With Databricks and Labelbox, the Rangers R&D team built a successful automated ML lifecycle. Their scripts scraped and transported text data into their Delta Lake, transformed and cataloged that data Databricks solutions, used the Python SDK to upload data into Labelbox for pre-labeling via LLMs and then manual labeling, and sent back into Databricks along with new labels for training. Labelbox is also used for model evaluation afterwards to ensure improvement and set the direction for their next iteration cycle.

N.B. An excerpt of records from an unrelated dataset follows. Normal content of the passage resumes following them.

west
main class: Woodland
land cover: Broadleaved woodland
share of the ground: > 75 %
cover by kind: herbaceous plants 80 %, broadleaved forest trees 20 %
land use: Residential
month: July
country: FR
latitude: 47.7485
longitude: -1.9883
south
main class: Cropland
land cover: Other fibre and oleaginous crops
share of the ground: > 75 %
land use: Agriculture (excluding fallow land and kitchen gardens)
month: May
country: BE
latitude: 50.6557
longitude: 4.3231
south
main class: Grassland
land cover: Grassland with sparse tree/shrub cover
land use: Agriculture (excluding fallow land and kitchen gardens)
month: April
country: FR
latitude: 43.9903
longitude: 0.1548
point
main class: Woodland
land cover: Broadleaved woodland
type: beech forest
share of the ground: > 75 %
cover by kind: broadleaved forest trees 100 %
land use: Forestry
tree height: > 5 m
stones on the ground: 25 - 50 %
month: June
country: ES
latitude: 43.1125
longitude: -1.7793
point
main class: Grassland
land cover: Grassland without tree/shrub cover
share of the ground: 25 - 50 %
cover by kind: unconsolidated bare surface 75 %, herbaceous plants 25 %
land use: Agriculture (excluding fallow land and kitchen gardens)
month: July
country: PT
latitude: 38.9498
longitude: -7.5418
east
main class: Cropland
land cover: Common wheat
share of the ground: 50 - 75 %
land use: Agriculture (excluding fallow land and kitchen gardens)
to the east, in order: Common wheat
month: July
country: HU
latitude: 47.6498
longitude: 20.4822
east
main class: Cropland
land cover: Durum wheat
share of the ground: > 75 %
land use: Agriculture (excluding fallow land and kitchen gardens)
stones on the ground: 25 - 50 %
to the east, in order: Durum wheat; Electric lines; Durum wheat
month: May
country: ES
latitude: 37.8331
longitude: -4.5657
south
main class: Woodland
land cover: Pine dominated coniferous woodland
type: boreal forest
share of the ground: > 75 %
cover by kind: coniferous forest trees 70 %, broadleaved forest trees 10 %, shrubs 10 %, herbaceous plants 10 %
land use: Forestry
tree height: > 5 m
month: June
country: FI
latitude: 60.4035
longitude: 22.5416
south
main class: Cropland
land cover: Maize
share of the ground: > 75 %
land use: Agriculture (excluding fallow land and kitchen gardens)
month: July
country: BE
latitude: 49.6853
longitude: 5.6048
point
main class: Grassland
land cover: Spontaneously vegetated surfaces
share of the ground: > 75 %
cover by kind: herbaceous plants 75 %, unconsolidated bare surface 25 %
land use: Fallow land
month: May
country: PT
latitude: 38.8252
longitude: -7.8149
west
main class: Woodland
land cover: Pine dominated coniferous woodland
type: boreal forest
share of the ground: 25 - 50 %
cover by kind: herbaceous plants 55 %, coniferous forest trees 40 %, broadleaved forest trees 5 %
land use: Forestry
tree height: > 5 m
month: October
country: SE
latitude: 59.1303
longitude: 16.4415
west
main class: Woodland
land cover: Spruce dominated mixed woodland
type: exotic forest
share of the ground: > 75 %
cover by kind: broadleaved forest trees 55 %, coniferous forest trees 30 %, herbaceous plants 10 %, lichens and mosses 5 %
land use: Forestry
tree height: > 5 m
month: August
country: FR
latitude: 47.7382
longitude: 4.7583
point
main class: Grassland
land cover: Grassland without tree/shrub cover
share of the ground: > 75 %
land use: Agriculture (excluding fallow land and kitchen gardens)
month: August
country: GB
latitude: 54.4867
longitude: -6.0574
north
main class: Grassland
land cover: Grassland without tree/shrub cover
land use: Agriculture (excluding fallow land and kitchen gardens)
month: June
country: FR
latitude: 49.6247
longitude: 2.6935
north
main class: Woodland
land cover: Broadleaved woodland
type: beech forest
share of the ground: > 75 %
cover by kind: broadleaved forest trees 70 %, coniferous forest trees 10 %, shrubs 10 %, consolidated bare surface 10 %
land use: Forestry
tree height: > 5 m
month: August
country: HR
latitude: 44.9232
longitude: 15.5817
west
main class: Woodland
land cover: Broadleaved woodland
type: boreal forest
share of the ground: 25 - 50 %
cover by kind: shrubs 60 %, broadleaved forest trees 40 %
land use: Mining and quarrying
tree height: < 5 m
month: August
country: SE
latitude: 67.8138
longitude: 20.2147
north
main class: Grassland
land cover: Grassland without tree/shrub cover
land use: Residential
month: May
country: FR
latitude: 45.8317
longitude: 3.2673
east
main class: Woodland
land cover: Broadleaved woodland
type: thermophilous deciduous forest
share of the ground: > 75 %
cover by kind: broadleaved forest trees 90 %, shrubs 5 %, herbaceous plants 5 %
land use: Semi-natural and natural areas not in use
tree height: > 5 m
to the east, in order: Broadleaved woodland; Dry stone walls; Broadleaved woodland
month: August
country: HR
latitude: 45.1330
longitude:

Adding players to an MLB baseball team hasn’t been solely based on intuition since The Oakland A’s implemented their winning moneyball strategy. Today, the Texas Rangers take it even further by leveraging text data pertaining to players’ past performances, strengths, and weaknesses to inform player acquisition decisions. Two of their players, Evan Carter and Josh Young, were drafted early in their careers. The decision to draft them was informed by scouting reports and articles about their high school and college games — information usually ignored by MLB teams.
Acquiring players is far from the only data-driven decision that the Rangers make. Coaching and training strategies are informed by players’ strengths, skills, and performance. Each players’ performance, including reaction times, aim, strength, etc. are analyzed and taken into account, ensuring that each player receives training personalized to them and maximize their improvement on the field.
All players in the club also receive digestible information about opposing players and their typical tactics and strengths, powered by AI-driven insights, to enable them to make informed in-game decisions.
"I think that investing in AI and machine learning is one of the best decisions that any sports organization can make, for both increasing player value and aiming to win every pitch, play, and shot, and from there, trying to win the game,” says Booth.
The Rangers are also focused on making data available and accessible more widely within the club. “In my opinion, if anyone in the Rangers has a question that can be answered with data, they should be empowered to go find those answers themselves,” says Booth. The team is also exploring AI-powered solutions based on video data to analyze games, player performances, and study specific biomechanics and movements that cause injuries.
The team is also making plans to elevate the fan experience as they head to the 2024 Major League Baseball All-Star Game, which they will be hosting at their home stadium in Arlington, Texas next July. Projects in the works include a chatbot that fans can use for specific questions about stadium rules, discounts based on past pre- and post- game trips to local restaurants and attractions, and fan acquisition plans that center on drawing soccer fans arriving to the area for the 2026 FIFA World Cup.
When it comes to building a winning AI strategy, the results speak for themselves. On November 1, 2023, the Texas Rangers, a team built and trained with information extracted via AI, became World Series champions for the first time.